▶ [Task directions]
Although the records contain pictures, only their text should be repeated, exactly as it stands.

(Records from a collection)
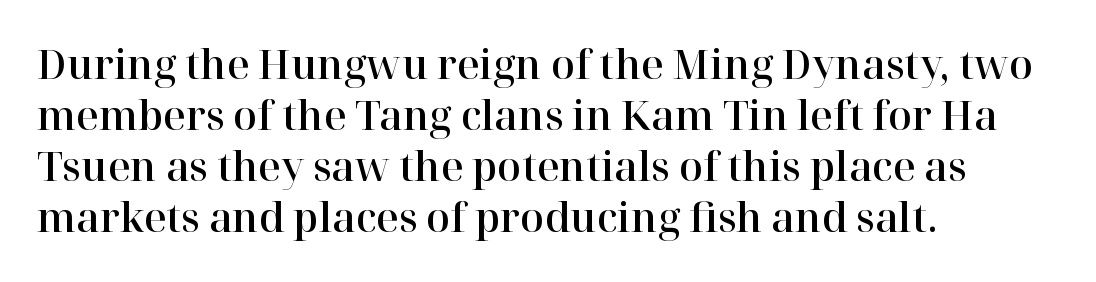
The passage is arranged the way most books set body copy — flush left. Whoever set this chose a conventional vertical rhythm. Tracking here is standard; glyphs follow each other at the usual distance. You can tell it's not italic because the verticals are truly vertical. Spacing verdict: proportional, widths tailored to each character.
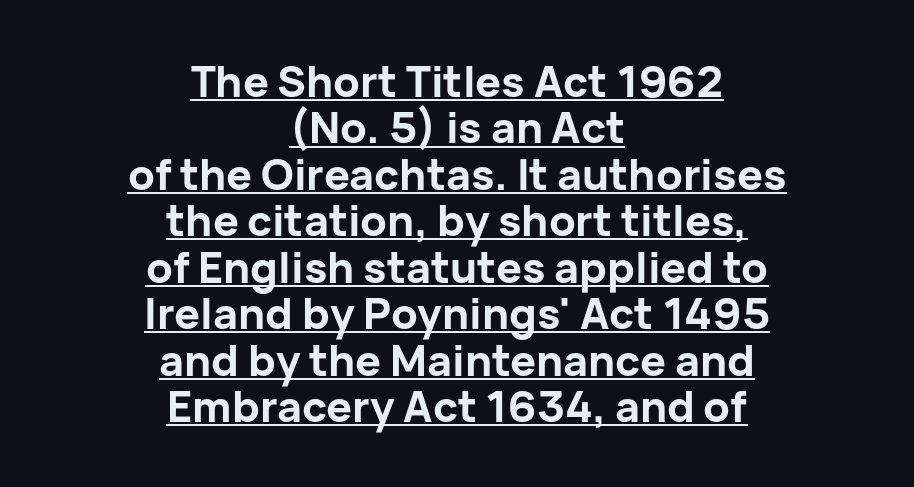
The image shows 43 px bold sans-serif type, upright; set centered, tight line spacing (1.08x), normal letter spacing, underlined; low stroke contrast and a medium x-height.
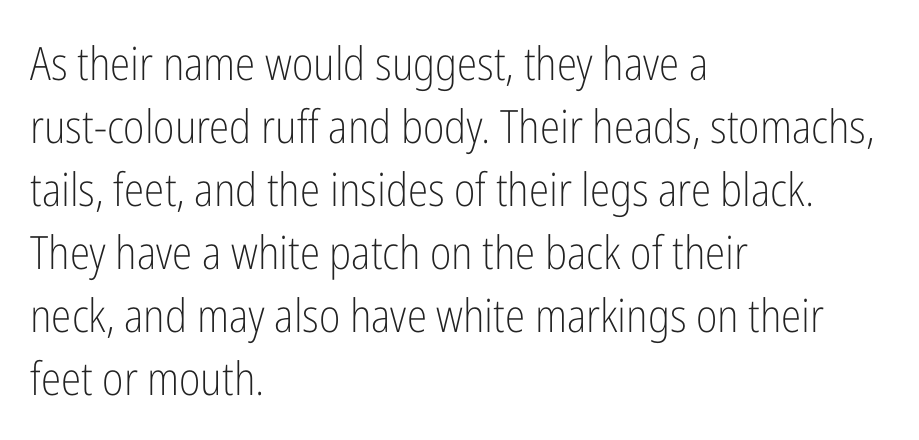
The cut favours lightness, reaching ordinary text weight at its darkest. Horizontally, the lines are justified to the leading edge only. Italic? Not at all — the glyphs are vertical. Underlining? Definitely not there.
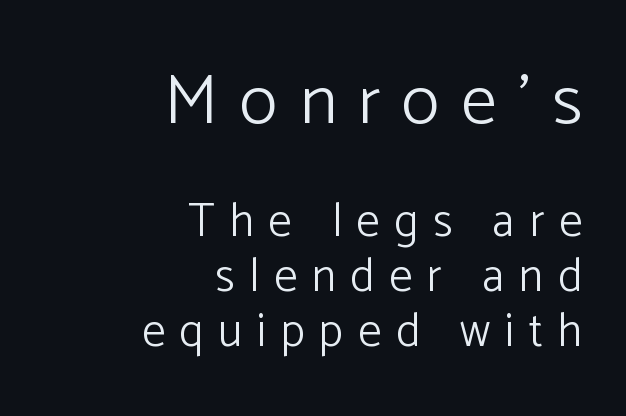
Q: Is the text bold? A: No.
Q: Is the text italic (slanted)? A: No, it is upright.
Q: Is the typeface a serif or a sans-serif typeface? A: Sans-serif.
Q: Is the text underlined? A: No.
Q: How is the paragraph aligned? A: Right-aligned.
Q: Is the spacing between letters normal or unusually wide? A: Unusually wide.
Q: Which block of text is set in a larger size, the first (top) or the second (bottom)? A: The first (top) one.
Q: Width (condensed, normal, or wide)? A: Normal.
Q: Stroke contrast? A: Low.
Q: x-height? A: Medium.
Q: Monospaced? A: No.
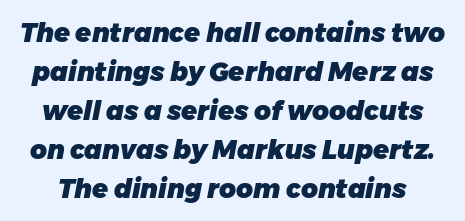
Q: Is the text bold? A: Yes.
Q: Is the text italic (slanted)? A: Yes, it leans right by about 11 degrees.
Q: Is the text underlined? A: No.
Q: Is the spacing between letters normal or unusually wide? A: Normal.
Q: Is the spacing between lines tight, normal or loose? A: Normal.
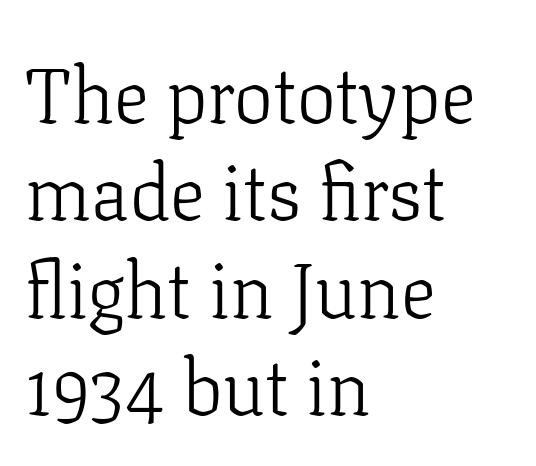
The image shows 78 px light serif type, upright; set left-aligned, normal line spacing (1.25x), normal letter spacing, not underlined; low stroke contrast and a medium x-height.
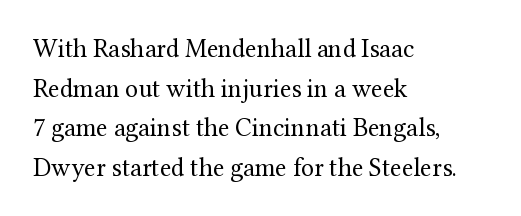
The image shows 26 px text type, upright; set left-aligned, normal line spacing (1.52x), normal letter spacing, not underlined.
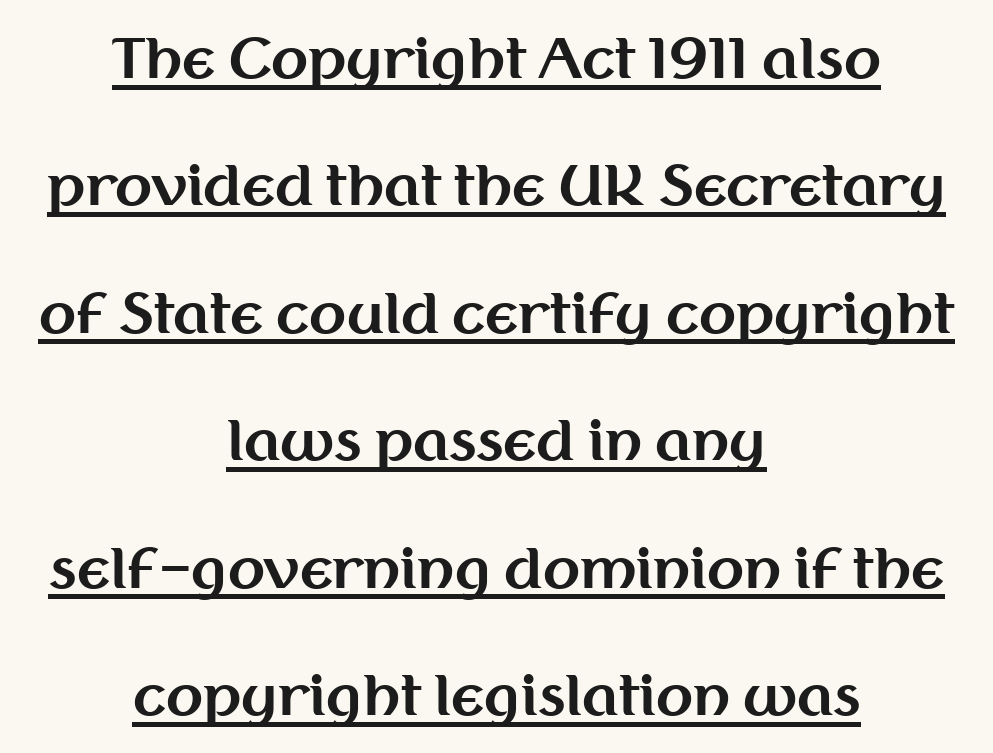
Leftover space on each line is divided equally before and after the words. A typesetter would call this proportional, since set widths differ per character. When letters stand straight like this, we call the style roman or upright. The face used here appears with an underline applied.
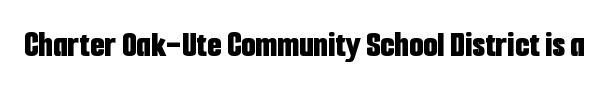
Think of a printed novel: that variable character pitch is what you see here. The passage shown is emphatically bold. The space directly below the letters is spotless. Typographically, this falls in the sans-serif category. This sample uses plain, unmodified letter spacing.
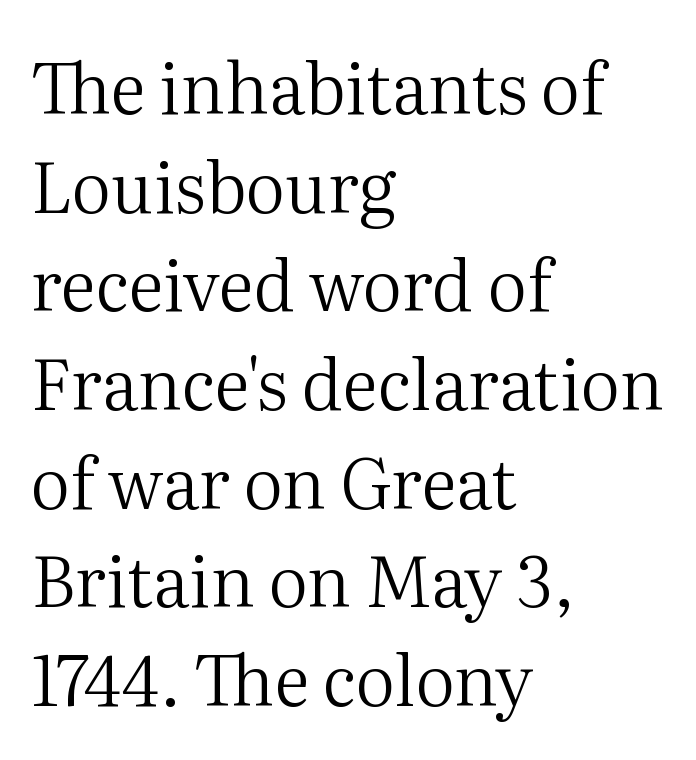
The image shows 70 px regular-weight serif type, upright; set left-aligned, normal line spacing (1.41x), normal letter spacing, not underlined; medium stroke contrast and a medium x-height.
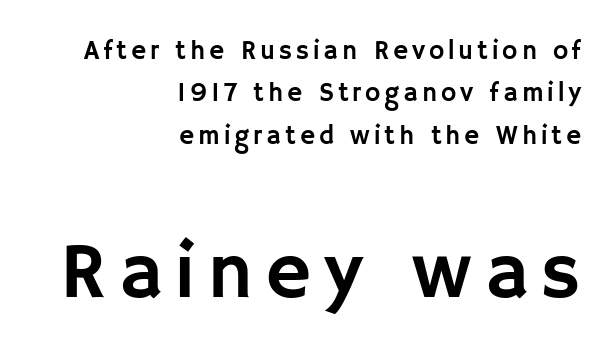
Regarding serifs, this sample does without them. Any mark beneath the type? The region is blank. Notice how descenders clear the ascenders below comfortably — that's standard leading. The font's upright variant was chosen for this text. One-word summary of the alignment: right.

▶ [Expected answer]
The passage is arranged the way most books set body copy — flush left. Whoever set this chose a conventional vertical rhythm. Tracking here is standard; glyphs follow each other at the usual distance. You can tell it's not italic because the verticals are truly vertical. Spacing verdict: proportional, widths tailored to each character.
The image shows 43 px bold sans-serif type, upright; set centered, tight line spacing (1.08x), normal letter spacing, underlined; low stroke contrast and a medium x-height.
The cut favours lightness, reaching ordinary text weight at its darkest. Horizontally, the lines are justified to the leading edge only. Italic? Not at all — the glyphs are vertical. Underlining? Definitely not there.
Q: Is the text bold? A: No.
Q: Is the text italic (slanted)? A: No, it is upright.
Q: Is the typeface a serif or a sans-serif typeface? A: Sans-serif.
Q: Is the text underlined? A: No.
Q: How is the paragraph aligned? A: Right-aligned.
Q: Is the spacing between letters normal or unusually wide? A: Unusually wide.
Q: Which block of text is set in a larger size, the first (top) or the second (bottom)? A: The first (top) one.
Q: Width (condensed, normal, or wide)? A: Normal.
Q: Stroke contrast? A: Low.
Q: x-height? A: Medium.
Q: Monospaced? A: No.
Q: Is the text bold? A: Yes.
Q: Is the text italic (slanted)? A: Yes, it leans right by about 11 degrees.
Q: Is the text underlined? A: No.
Q: Is the spacing between letters normal or unusually wide? A: Normal.
Q: Is the spacing between lines tight, normal or loose? A: Normal.
The image shows 78 px light serif type, upright; set left-aligned, normal line spacing (1.25x), normal letter spacing, not underlined; low stroke contrast and a medium x-height.
The image shows 26 px text type, upright; set left-aligned, normal line spacing (1.52x), normal letter spacing, not underlined.
Leftover space on each line is divided equally before and after the words. A typesetter would call this proportional, since set widths differ per character. When letters stand straight like this, we call the style roman or upright. The face used here appears with an underline applied.
Think of a printed novel: that variable character pitch is what you see here. The passage shown is emphatically bold. The space directly below the letters is spotless. Typographically, this falls in the sans-serif category. This sample uses plain, unmodified letter spacing.
The image shows 70 px regular-weight serif type, upright; set left-aligned, normal line spacing (1.41x), normal letter spacing, not underlined; medium stroke contrast and a medium x-height.
Regarding serifs, this sample does without them. Any mark beneath the type? The region is blank. Notice how descenders clear the ascenders below comfortably — that's standard leading. The font's upright variant was chosen for this text. One-word summary of the alignment: right.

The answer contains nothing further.